Unlike the past, each of us looks at web pages at whatever individual moment happens to bring us there. Perhaps it is the result of a search. Perhaps one web page contains a URL, which you click on to get to another web page that interests you. For the time, let’s look at smart phones as just another electronic communications vehicle that can also bring you to the identical places that you might visit on a PC. In fact, more and more e-commerce is migrating to smart phones from traditional desktop PCs.

Because we are looking at web pages individually, each user is looking, alone, at whatever interests them. Since this is different from print or broadcast media, we need to change our definition of “advertising” and the relevant question is: “How does the advertiser adapt to this ‘one-to-one’ world from what used to be mass reach out to viewers?”

The first thing an advertiser needs is to understand how to reach a web viewer who might be interested in what they have to sell. This is a very sophisticated and complex topic. For now, we’ll highlight how it works.

What we need is some sort of database telling advertisers what any specific web viewer is interested in. In other words, if I want to sell cars, it is necessary for me to reach viewers who are interested in cars.

Well, it's not a surprise that in our great free market system many companies have developed databases that track web viewers and provide advertisers exactly that type of information.

Perhaps the most obvious ones are giant web presences like Google and Facebook. Each of these companies has tremendous databases of what viewers have looking at. They build a history of not only what you’ve actually looked at (using cookies, little electronic fingerprints generated by your own computer), but through very high level logic, artificial intelligence, and heuristics; they figure out what you are probably interested in in the future.

So this very valuable information is sold to advertisers, promising them that if you purchase an ad with them (at a cost based on number of viewers – ex: $0.09/thousand page views) they will serve up your ad to viewers whose profile suggests they are a prospective customer.

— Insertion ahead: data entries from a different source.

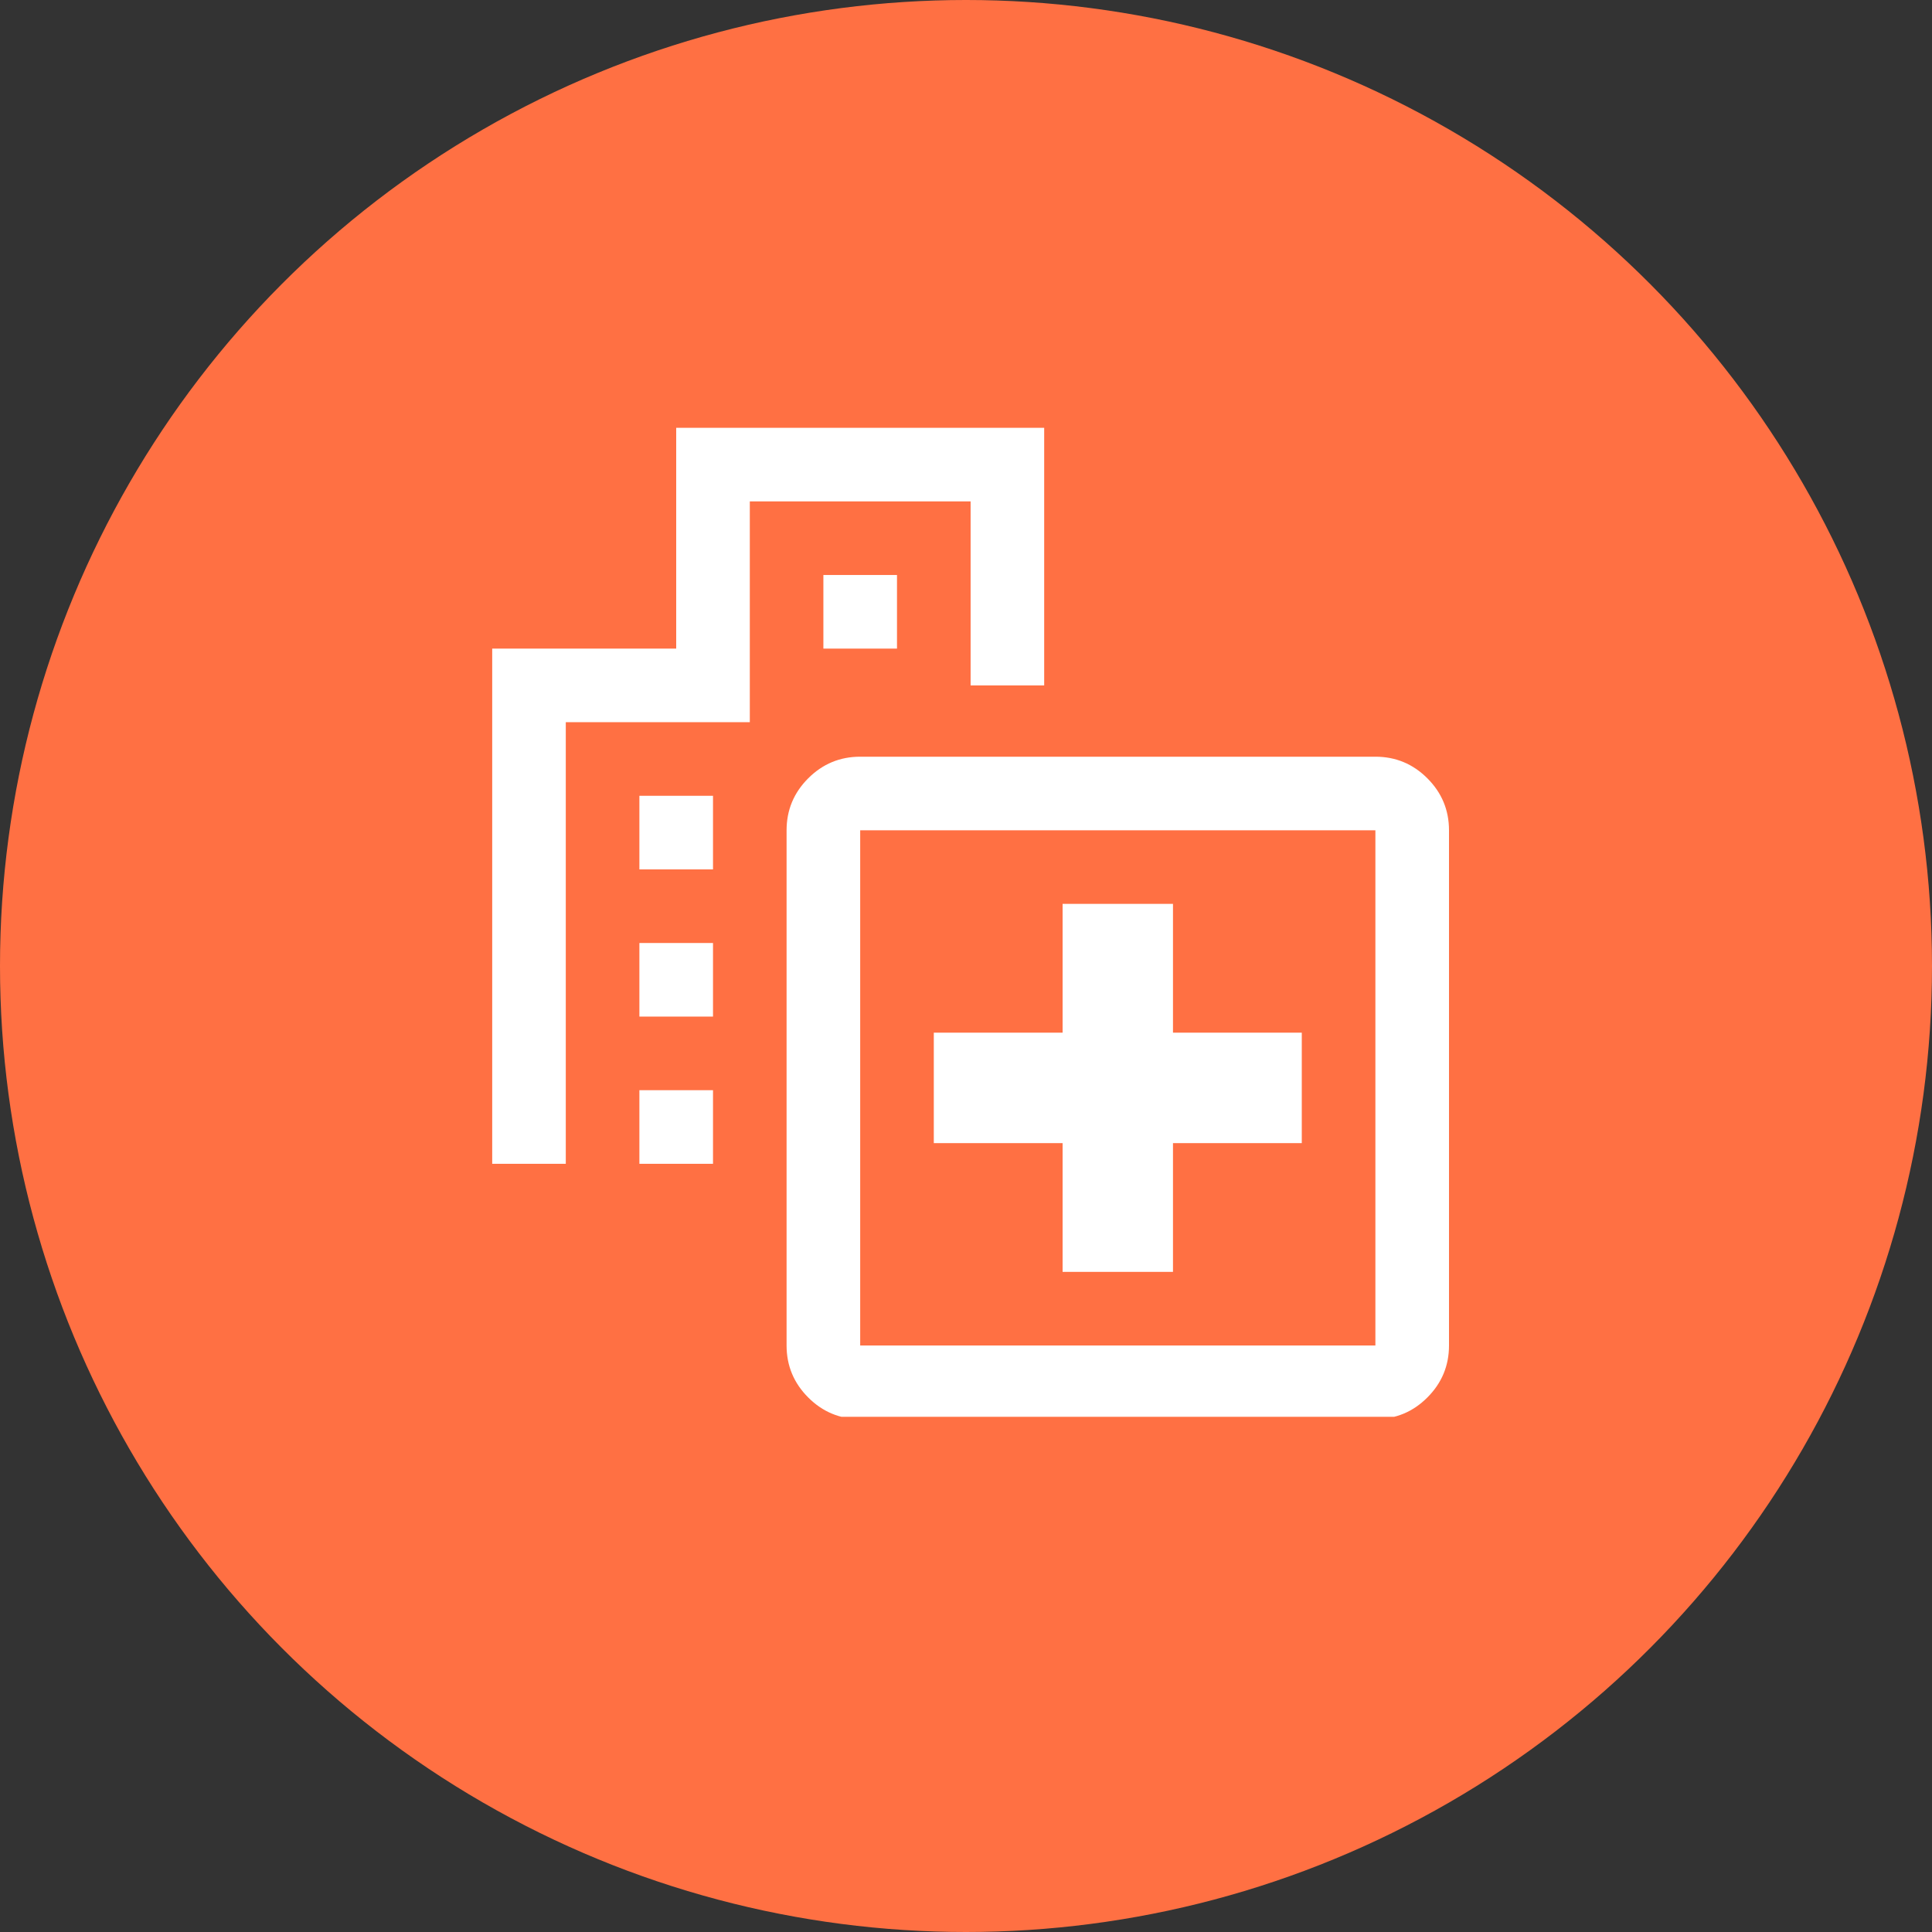 <svg width="60" height="60" viewBox="0 0 60 60" fill="none" xmlns="http://www.w3.org/2000/svg">
<rect x="0" y="0" width="60" height="60" fill="#333333" stroke="none"/>
<circle cx="30" cy="30" r="30" fill="#FF7043"/>
<g clip-path="url(#clip0_404_1519)">
<path d="M19.857 27V24.714H22.143V27H19.857ZM25.571 20.143V17.857H27.857V20.143H25.571ZM19.857 31.571V29.286H22.143V31.571H19.857ZM19.857 36.143V33.857H22.143V36.143H19.857ZM15.286 36.143V20.143H21V13.286H32.428V21.286H30.143V15.571H23.286V22.428H17.571V36.143H15.286Z" fill="white"/>
<path d="M33 39.5H36.428V35.5H40.428V32.071H36.428V28.071H33V32.071H29V35.5H33V39.5ZM26.714 44.071C26.086 44.071 25.547 43.848 25.1 43.4C24.652 42.952 24.428 42.414 24.428 41.786V25.786C24.428 25.157 24.652 24.619 25.1 24.171C25.547 23.724 26.086 23.5 26.714 23.5H42.714C43.343 23.5 43.881 23.724 44.328 24.171C44.776 24.619 45 25.157 45 25.786V41.786C45 42.414 44.776 42.952 44.328 43.4C43.881 43.848 43.343 44.071 42.714 44.071H26.714ZM26.714 41.786H42.714V25.786H26.714V41.786Z" fill="white"/>
</g>
<defs>
<clipPath id="clip0_404_1519">
<rect width="32" height="33" fill="white" transform="translate(13 11)"/>
</clipPath>
</defs>
</svg>
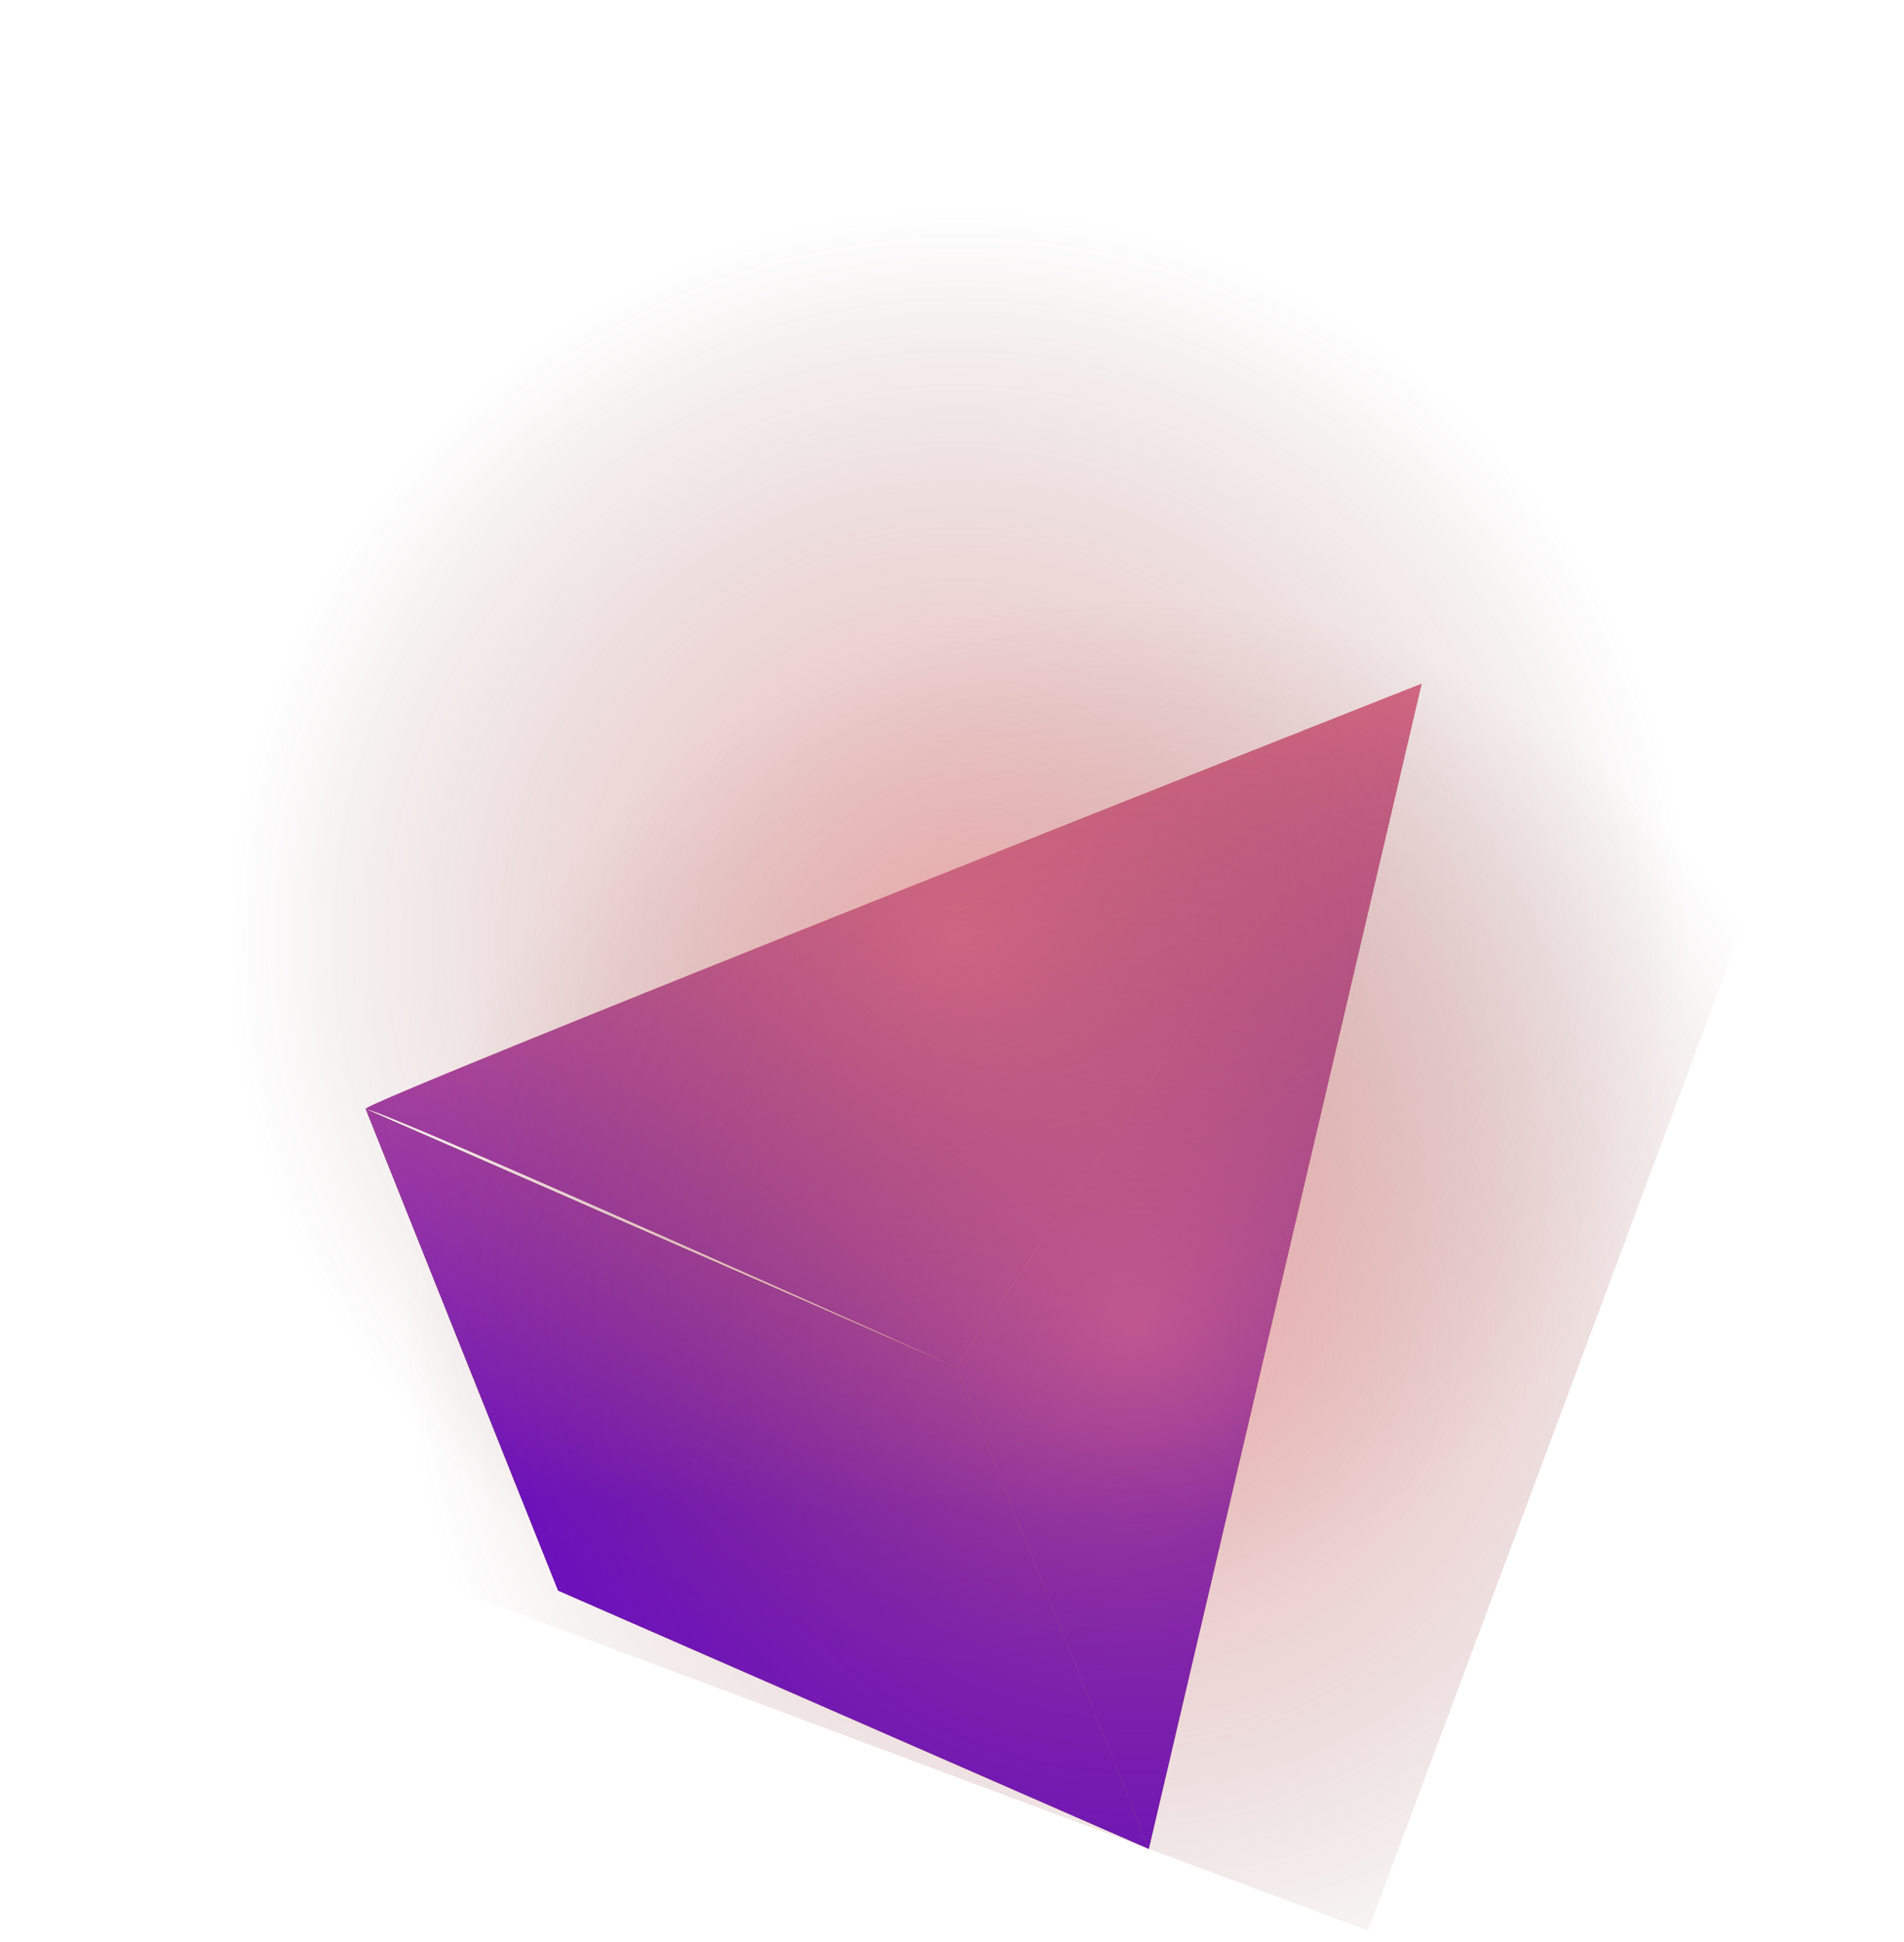 <svg xmlns="http://www.w3.org/2000/svg" width="152" height="155" viewBox="0 0 152 155" fill="none"><g clip-path="url(#clip0_0_2200)"><path d="M113.486 54.569C113.486 54.569 27.708 88.452 29.198 88.506C30.689 88.561 76.356 109.112 76.356 109.112L113.486 54.569Z" fill="#D16D6D"></path><path d="M113.486 54.569L76.356 109.113L91.711 147.548L113.486 54.569Z" fill="#BB6161"></path><path d="M29.198 88.506L44.556 126.936L91.71 147.548L76.356 109.113L29.198 88.506Z" fill="#824444"></path><g style="mix-blend-mode:color-dodge"><path d="M113.486 54.569C113.486 54.569 27.708 88.452 29.198 88.506C30.689 88.561 76.356 109.112 76.356 109.112L113.486 54.569Z" fill="url(#paint0_linear_0_2200)"></path><path d="M113.486 54.569L76.356 109.113L91.711 147.548L113.486 54.569Z" fill="url(#paint1_linear_0_2200)"></path><path d="M29.198 88.506L44.556 126.936L91.71 147.548L76.356 109.112L29.198 88.506Z" fill="url(#paint2_linear_0_2200)"></path></g><path style="mix-blend-mode:color-dodge" opacity="0.5" d="M56.144 129.574C86.301 140.823 119.866 125.495 131.115 95.338C142.364 65.182 127.036 31.616 96.879 20.368C66.723 9.119 33.157 24.447 21.909 54.603C10.66 84.76 25.988 118.325 56.144 129.574Z" fill="url(#paint3_radial_0_2200)"></path><path style="mix-blend-mode:color-dodge" opacity="0.5" d="M114.901 159.037C144.179 145.667 157.075 111.094 143.705 81.817C130.335 52.539 95.763 39.642 66.484 53.012C37.207 66.382 24.311 100.955 37.68 130.233C51.05 159.511 85.623 172.407 114.901 159.037Z" fill="url(#paint4_radial_0_2200)"></path></g><defs><linearGradient id="paint0_linear_0_2200" x1="72.387" y1="34.306" x2="69.948" y2="120.446" gradientUnits="userSpaceOnUse"><stop stop-color="#F27E7E"></stop><stop offset="0.16" stop-color="#E37186"></stop><stop offset="0.47" stop-color="#BB519A"></stop><stop offset="0.89" stop-color="#7C1CBB"></stop><stop offset="1" stop-color="#6A0DC4"></stop></linearGradient><linearGradient id="paint1_linear_0_2200" x1="96.251" y1="34.982" x2="93.806" y2="121.12" gradientUnits="userSpaceOnUse"><stop stop-color="#F27E7E"></stop><stop offset="0.16" stop-color="#E37186"></stop><stop offset="0.47" stop-color="#BB519A"></stop><stop offset="0.89" stop-color="#7C1CBB"></stop><stop offset="1" stop-color="#6A0DC4"></stop></linearGradient><linearGradient id="paint2_linear_0_2200" x1="62.835" y1="34.036" x2="60.396" y2="120.176" gradientUnits="userSpaceOnUse"><stop stop-color="#F27E7E"></stop><stop offset="0.16" stop-color="#E37186"></stop><stop offset="0.47" stop-color="#BB519A"></stop><stop offset="0.89" stop-color="#7C1CBB"></stop><stop offset="1" stop-color="#6A0DC4"></stop></linearGradient><radialGradient id="paint3_radial_0_2200" cx="0" cy="0" r="1" gradientUnits="userSpaceOnUse" gradientTransform="translate(76.512 74.971) rotate(20.456) scale(58.278)"><stop stop-color="#F27E7E"></stop><stop offset="1" stop-color="#7B4040" stop-opacity="0"></stop></radialGradient><radialGradient id="paint4_radial_0_2200" cx="0" cy="0" r="1" gradientUnits="userSpaceOnUse" gradientTransform="translate(90.693 106.027) rotate(20.456) scale(58.278)"><stop stop-color="#F27E7E"></stop><stop offset="1" stop-color="#7B4040" stop-opacity="0"></stop></radialGradient><clipPath id="clip0_0_2200"><rect width="116.562" height="120.967" fill="white" transform="translate(42.276) rotate(20.456)"></rect></clipPath></defs></svg>

Here are a couple of web sites what describe how this works:

  1. Using Facebook ads to reach customers.
  2. Using Google ads to reach customers.

So the relevant question is: “Does this work?” The answer is “extremely well” as you see both these juggernauts sucking up a lot of the advertising that traditionally ran in print media. Newspapers have seen ad revenue decline from over $50 billion about 15 years ago to under $20 billion last year. Almost all of this revenue has migrated to on-line ads.

To further “customize” how this all works, these databases also use GPS location information to further refine what ads are shown to what viewers. Today, I’ve noticed that on my smart phone, whenever I enter a business establishment, I get a notification about the place I’m in along with ads promoting their “specials.”

This data collection has intruded on our privacy to the point where government regulation is beginning to exert control over abuses here. For example, suppose a database tracks your car and where it goes every hour of the day and night (along with your smart phone – which further pinpoints exactly where you are at every second).

Are you really comfortable with that great “invisible force” out there knowing just about everything about you? I’m not. In fact, I’ve turned off the camera on all our smart TVs as well as all our computers. I am really not comfortable knowing that some anonymous person or persons is watching me as well as what I’m looking at. That is simply unacceptably intrusive. It makes the famous novel "1984" seem like child’s play.

Now we can all appreciate what these modern tools can bring to us. As for me, I still want to be in total control over what I am offered. I guess I’ll have to get rid of all my intelligent devices and move back into a cave. Send me a postcard from time to time, will you?